TL;DR: it's unclear what it does, why would I want to participate, and it's very expensive. Why aren't you developing alternative firmware for cheap wifi routers, for instance?
It doesn't matter. Either there's an airgap, where nothing can get out regardless, so it doesn't matter, or their's a hop along the path you don't control so the security of your device doesn't matter.
If you have an Intel processor, then there is already a radio backdoor built in. See http://www.intel.com/content/www/us/en/enterprise-security/what-is-vpro-technology-video.html
All the crypto software I've looked into depends on big internal arrays of special numbers to do its work. If those numbers are compromised (which is what NSA contracted RSA to do, basically), then the whole end-to-end crypto channel is compromised.
And that's the problem. You can build an open-source hardware router with open-source software, to keep the possibility of hardware backdoors to a minimum, but if the basic crypto algorithm you use has been compromised from the get-go, none of it matters. I think that's going to be the next really difficult intellectual load to lift: vetting ALL of the current crypto algorithms in use today to make sure the algorithms don't have built-in compromises. Since that vetting has to be done by crypto experts, not just software engineers, that pushes the trust back up one step: which crypto experts do you trust?
Modern laptops and desktops come with remote administration tools built into the chips on the board. (The vendors tout this as a feature, simplifying administration of a large company's workstations. It's easier and cheaper to build it into everything than to be selective, so it's in the machines sold to individuals, too.)
One example: Intel Active Management Technology (AMT) and its standard Intelligent Platform Management Interface (IPMI), the latter standardized in 1998 and supported by "over 200 hardware vendors". This is built into the northbridge (or, in early models, the Ethernet) chip).
Just TRY to get a "modern laptop" (or desktop), using an Intel chipset, without this feature. (I suspect the old Thinkpad is how far back they had to go to avoid it.)
You can't disable it: Dumping the credentials or reverting to factory settings just makes it think it hasn't been configured yet and accept the first connection (ethernet or WiFi, whether powered up or down) claiming to be the new owner's sysadmins.

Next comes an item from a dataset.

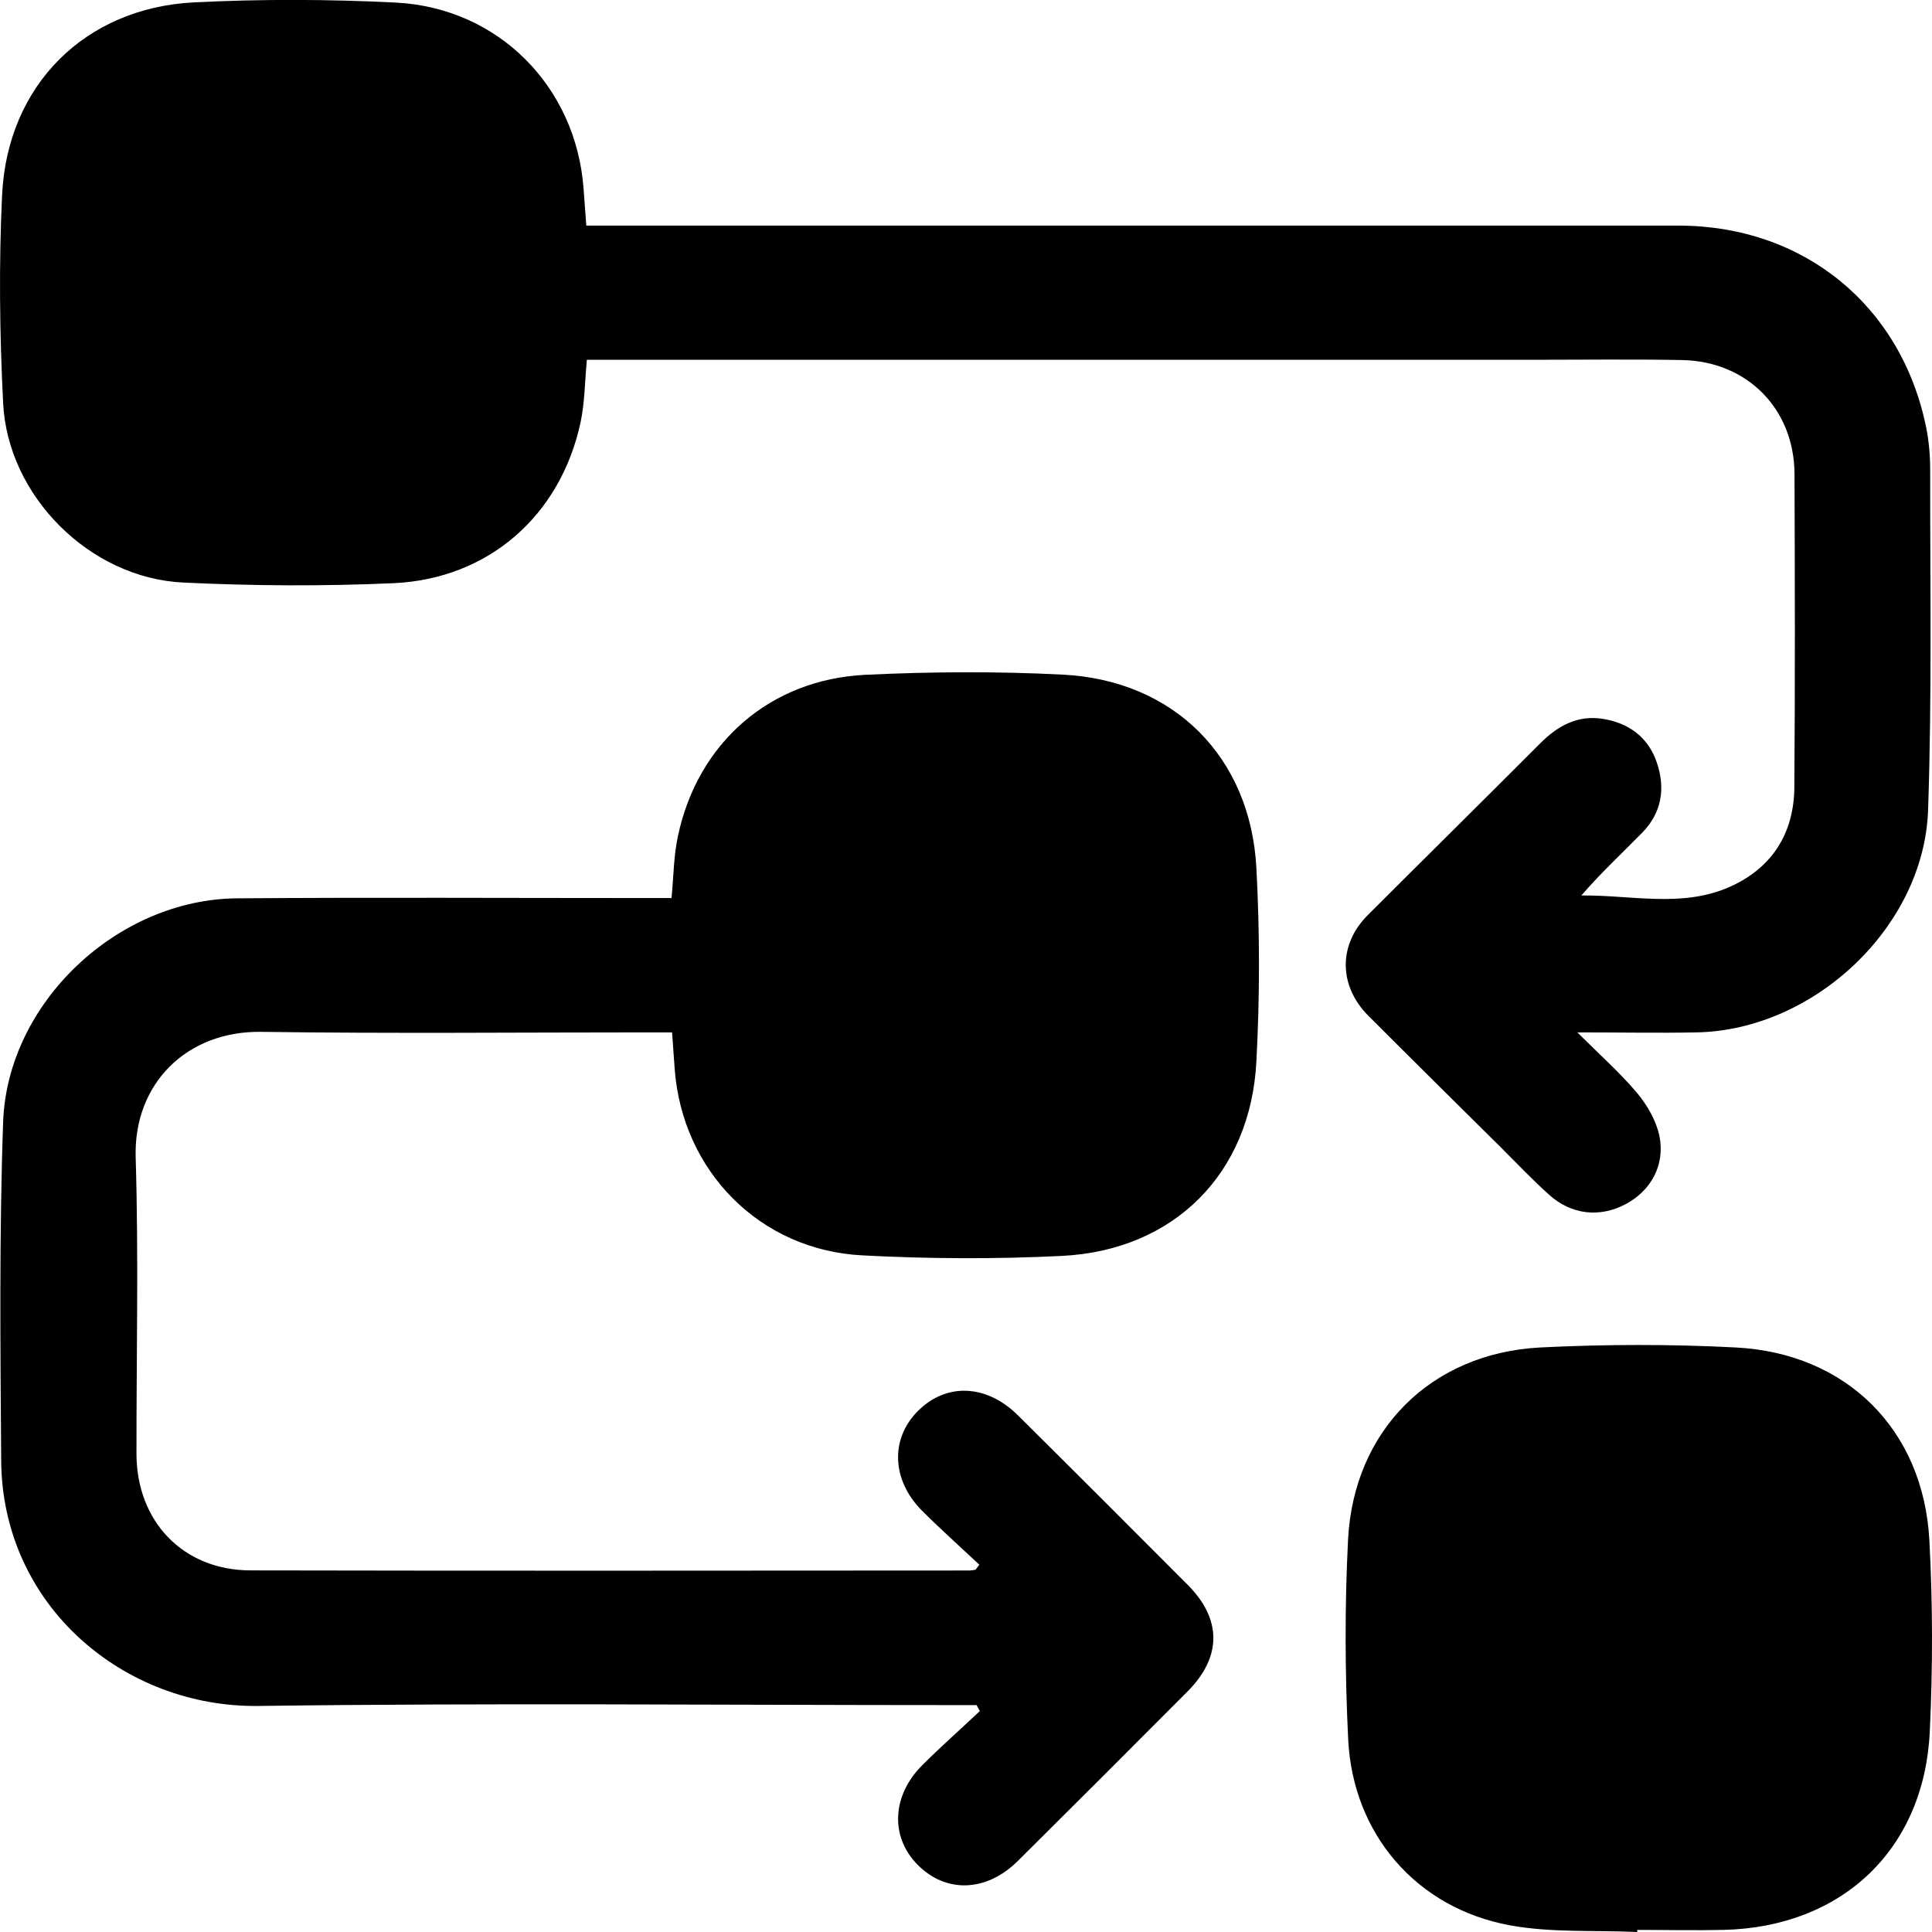 <svg xmlns="http://www.w3.org/2000/svg" width="36" height="36" viewBox="0 0 36 36" fill="none"><g clip-path="url(#clip0_83_1328)"><path d="M10.935 6.709C10.896 7.122 10.896 7.503 10.818 7.869C10.446 9.603 9.108 10.787 7.33 10.867C6.028 10.925 4.717 10.918 3.415 10.855C1.673 10.773 0.141 9.243 0.058 7.505C-0.007 6.219 -0.022 4.92 0.039 3.631C0.138 1.59 1.581 0.146 3.617 0.044C4.867 -0.019 6.125 -0.015 7.376 0.048C9.29 0.146 10.735 1.617 10.874 3.517C10.891 3.736 10.905 3.954 10.925 4.204C11.1 4.204 11.255 4.204 11.411 4.204C18.032 4.204 24.655 4.204 31.276 4.204C33.608 4.204 35.434 5.694 35.893 7.974C35.944 8.229 35.966 8.493 35.966 8.753C35.964 10.867 36 12.984 35.927 15.096C35.852 17.27 33.8 19.195 31.616 19.237C30.912 19.251 30.207 19.237 29.391 19.237C29.809 19.654 30.185 19.987 30.504 20.365C30.695 20.594 30.863 20.885 30.921 21.171C31.031 21.717 30.754 22.196 30.285 22.441C29.809 22.691 29.282 22.637 28.867 22.264C28.546 21.977 28.25 21.662 27.944 21.358C27.128 20.55 26.311 19.742 25.498 18.928C24.942 18.372 24.934 17.603 25.486 17.052C26.557 15.982 27.635 14.918 28.706 13.845C29.027 13.525 29.396 13.321 29.86 13.394C30.348 13.469 30.712 13.736 30.873 14.21C31.035 14.688 30.965 15.144 30.601 15.515C30.227 15.897 29.833 16.261 29.466 16.686C30.389 16.676 31.32 16.914 32.197 16.54C33 16.198 33.43 15.545 33.435 14.666C33.45 12.722 33.445 10.775 33.438 8.831C33.433 7.622 32.558 6.731 31.341 6.709C30.414 6.692 29.486 6.704 28.561 6.704C22.841 6.704 17.118 6.704 11.399 6.704C11.245 6.704 11.092 6.704 10.93 6.704L10.935 6.709Z" fill="black"></path><path d="M18.255 29.162C17.896 28.825 17.529 28.497 17.179 28.148C16.616 27.582 16.586 26.817 17.096 26.3C17.626 25.761 18.381 25.788 18.971 26.376C20.028 27.424 21.08 28.478 22.131 29.531C22.77 30.172 22.768 30.876 22.127 31.519C21.077 32.575 20.023 33.626 18.967 34.675C18.379 35.26 17.619 35.282 17.092 34.74C16.586 34.223 16.618 33.459 17.184 32.893C17.531 32.546 17.9 32.221 18.258 31.883C18.238 31.847 18.216 31.81 18.197 31.772C18.061 31.772 17.925 31.772 17.786 31.772C13.463 31.772 9.14 31.73 4.819 31.788C2.324 31.823 0.041 29.932 0.022 27.215C0.007 25.113 -0.015 23.011 0.058 20.912C0.136 18.683 2.188 16.756 4.418 16.739C6.963 16.72 9.511 16.734 12.057 16.734C12.2 16.734 12.343 16.734 12.513 16.734C12.552 16.334 12.552 15.943 12.635 15.567C13.006 13.836 14.352 12.659 16.127 12.574C17.352 12.515 18.583 12.508 19.807 12.571C21.872 12.676 23.302 14.105 23.411 16.176C23.475 17.372 23.475 18.579 23.411 19.776C23.305 21.868 21.876 23.298 19.788 23.402C18.551 23.463 17.305 23.458 16.069 23.392C14.158 23.295 12.715 21.822 12.572 19.921C12.555 19.703 12.54 19.484 12.523 19.237H12.074C9.672 19.237 7.267 19.261 4.865 19.227C3.481 19.208 2.487 20.191 2.528 21.567C2.584 23.407 2.541 25.247 2.543 27.089C2.545 28.351 3.412 29.259 4.666 29.262C9.132 29.271 13.599 29.267 18.066 29.264C18.102 29.264 18.141 29.254 18.177 29.25C18.202 29.218 18.226 29.186 18.25 29.155L18.255 29.162Z" fill="black"></path><path d="M30.506 36C29.712 35.964 28.901 36.017 28.128 35.874C26.394 35.553 25.206 34.175 25.121 32.405C25.061 31.17 25.056 29.924 25.119 28.689C25.223 26.652 26.666 25.213 28.701 25.108C29.911 25.048 31.13 25.045 32.34 25.108C34.407 25.213 35.84 26.64 35.951 28.701C36.015 29.886 36.015 31.077 35.959 32.26C35.857 34.461 34.324 35.91 32.114 35.961C31.58 35.973 31.043 35.961 30.508 35.961C30.508 35.973 30.508 35.983 30.508 35.995L30.506 36Z" fill="black"></path></g><defs><clipPath id="clip0_83_1328"><rect width="36" height="36" fill="white"></rect></clipPath></defs></svg>

If the NSA doesn't know how to use this to spy on, or take over, a target computer, they aren't doing their jobs.
Some of the things this can do (from the Wikipedia articles - see them for the footnotes):
Bantam Dominique roosters crow a four-note song. Once you've heard it as "Happy BIRTHday" you can't NOT hear it that way
If you wish to skirt the NSA, get your router from Huawei, and let the Chinese spy on you instead. If you don't want the Chinese to spy, get something from the usual NSA contributors. Or see if there's anything made in Russia or any country that's totally independent of the US.

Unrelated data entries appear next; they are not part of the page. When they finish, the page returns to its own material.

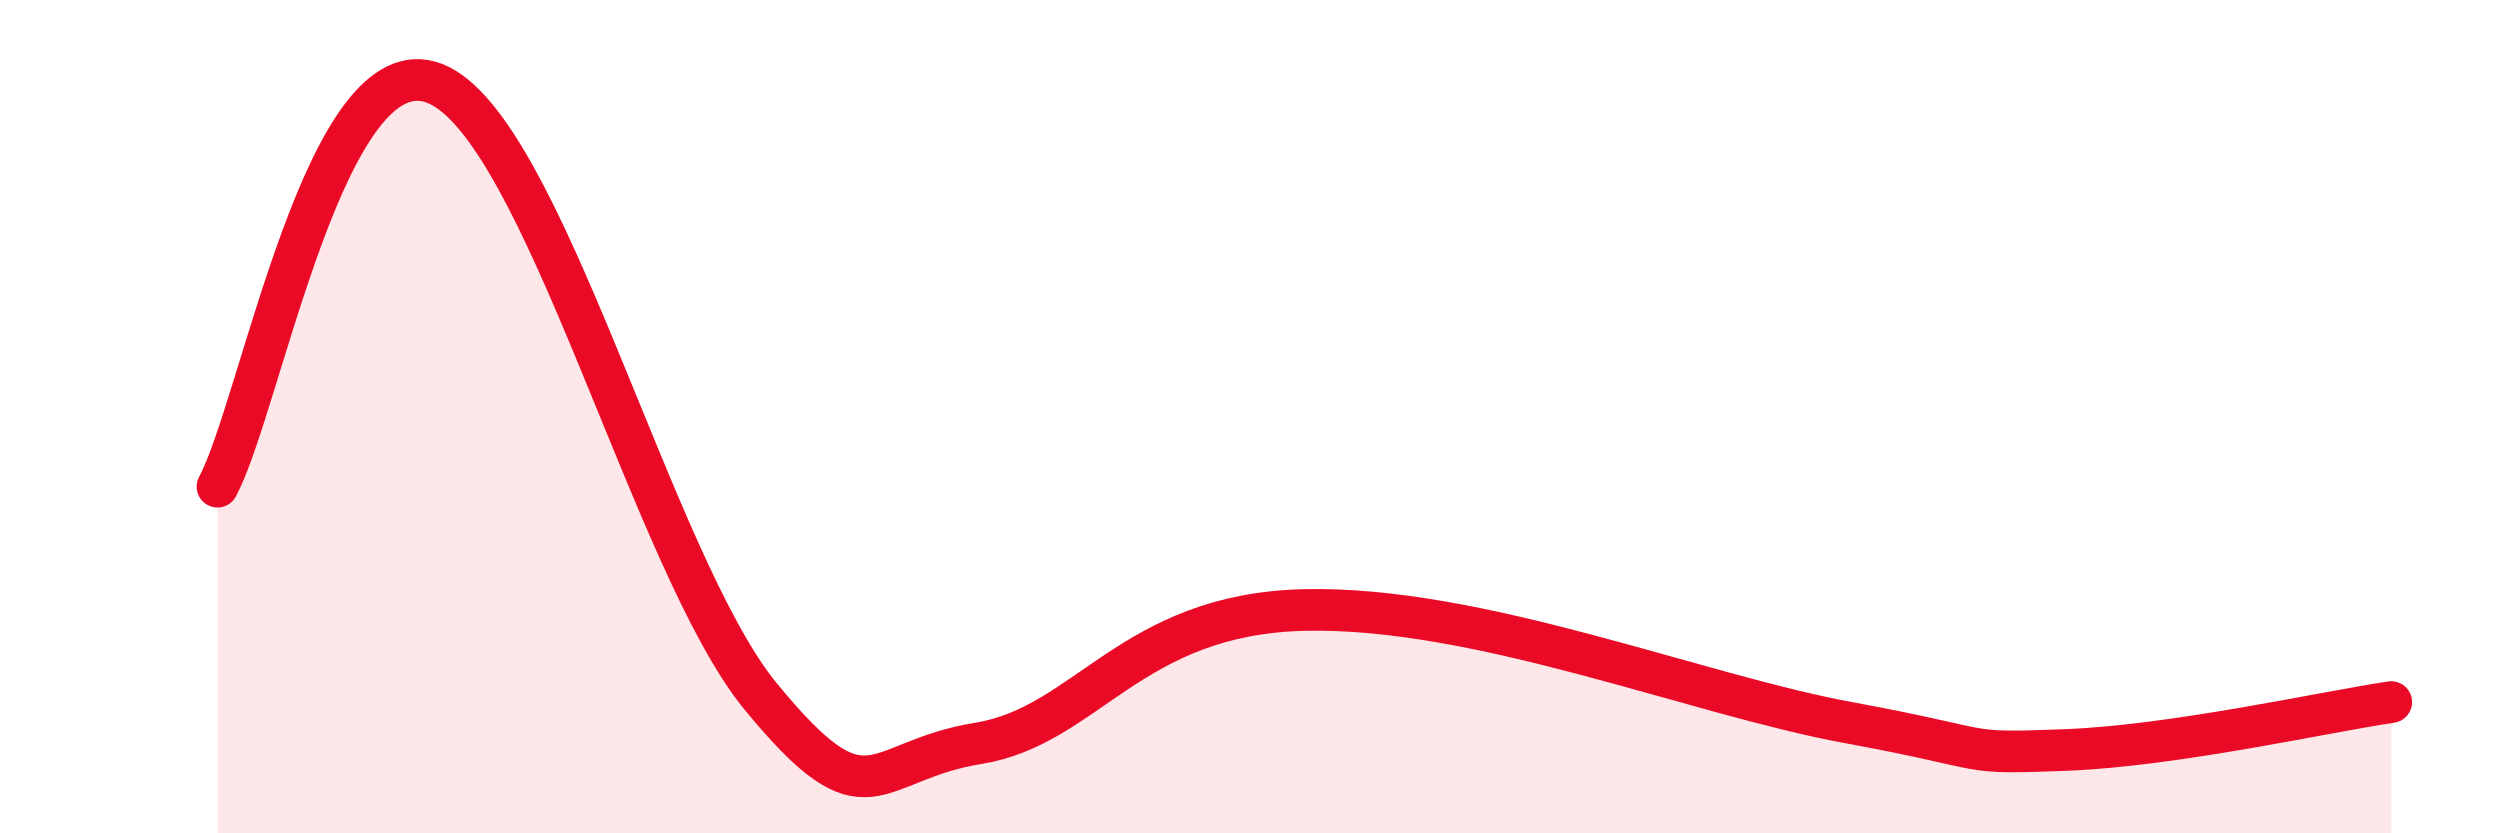
    <svg width="60" height="20" viewBox="0 0 60 20" xmlns="http://www.w3.org/2000/svg">
      <path
        d="M 5.22,11.68 C 6.26,9.74 7.82,0.99 10.43,2 C 13.04,3.01 15.65,13.55 18.26,16.72 C 20.87,19.89 20.87,18.26 23.48,17.84 C 26.09,17.42 27.13,14.74 31.3,14.64 C 35.47,14.54 40.7,16.67 44.35,17.34 C 48,18.01 46.96,18.1 49.57,18 C 52.18,17.9 55.83,17.08 57.39,16.85L57.39 20L5.22 20Z"
        fill="#EB0A25"
        opacity="0.1"
        stroke-linecap="round"
        stroke-linejoin="round"
      />
      <path
        d="M 5.22,11.68 C 6.26,9.74 7.82,0.99 10.43,2 C 13.04,3.01 15.65,13.55 18.26,16.72 C 20.87,19.89 20.87,18.26 23.48,17.84 C 26.09,17.42 27.13,14.74 31.3,14.64 C 35.47,14.54 40.7,16.67 44.35,17.34 C 48,18.01 46.96,18.1 49.57,18 C 52.18,17.9 55.83,17.08 57.39,16.85"
        stroke="#EB0A25"
        stroke-width="1"
        fill="none"
        stroke-linecap="round"
        stroke-linejoin="round"
      />
    </svg>

How easy is it to get a standard router from Cisco or Juniper, and replace IOS or JunOS w/ something like pFsense, m0n0wall or OpenWRT?
While at it, switch to IPv6, and within a group of people, share a /64 subnet so that even if the NSA spies, they'll find it impossible to source the original source/destination, particularly if dynamic IPs are used.
The only way to obtain 100% safety from being hacked by a government agency, as well as anyone else, is to place an air gap between your system(s) and the public Internet. Think of it like trying to protect your house from burglars breaking in: The best you can do is slow them down. Given enough time, skill, and resources, any burglar can defeat any security arrangement in any house. Same goes for your computers. Therefore there is an implied level of risk involved if you wish to continue using the internet, and if you cannot accept that risk, even after taking reasonable precautions against your system(s) being compromised by whoever might wish to, then you must re-evaluate whether or not it's worth it to you to continue using the internet at all. Now, some people are going to flame me for saying this, because they're convinced that life cannot continue without internet access, but that's simply not true, just ask anyone who was an adult about 25 years ago how they managed to get along without the World Wide Web (hint: they got along just fine without it).
Are YOU using the TOOL, or is the TOOL using YOU? Think about it!
I don't recognize your sig quote, but the math is wrong. 6x9=54.
Go offline.
If you do that they win !
Internet is a threat to them. Internet is the one thing that can expose their evil deeds.
If there was no Internet, Edward Snowden's revelation will never get known to many of us.
The obvious answer is FPGA routers, made with fully open-sourced VHDL files.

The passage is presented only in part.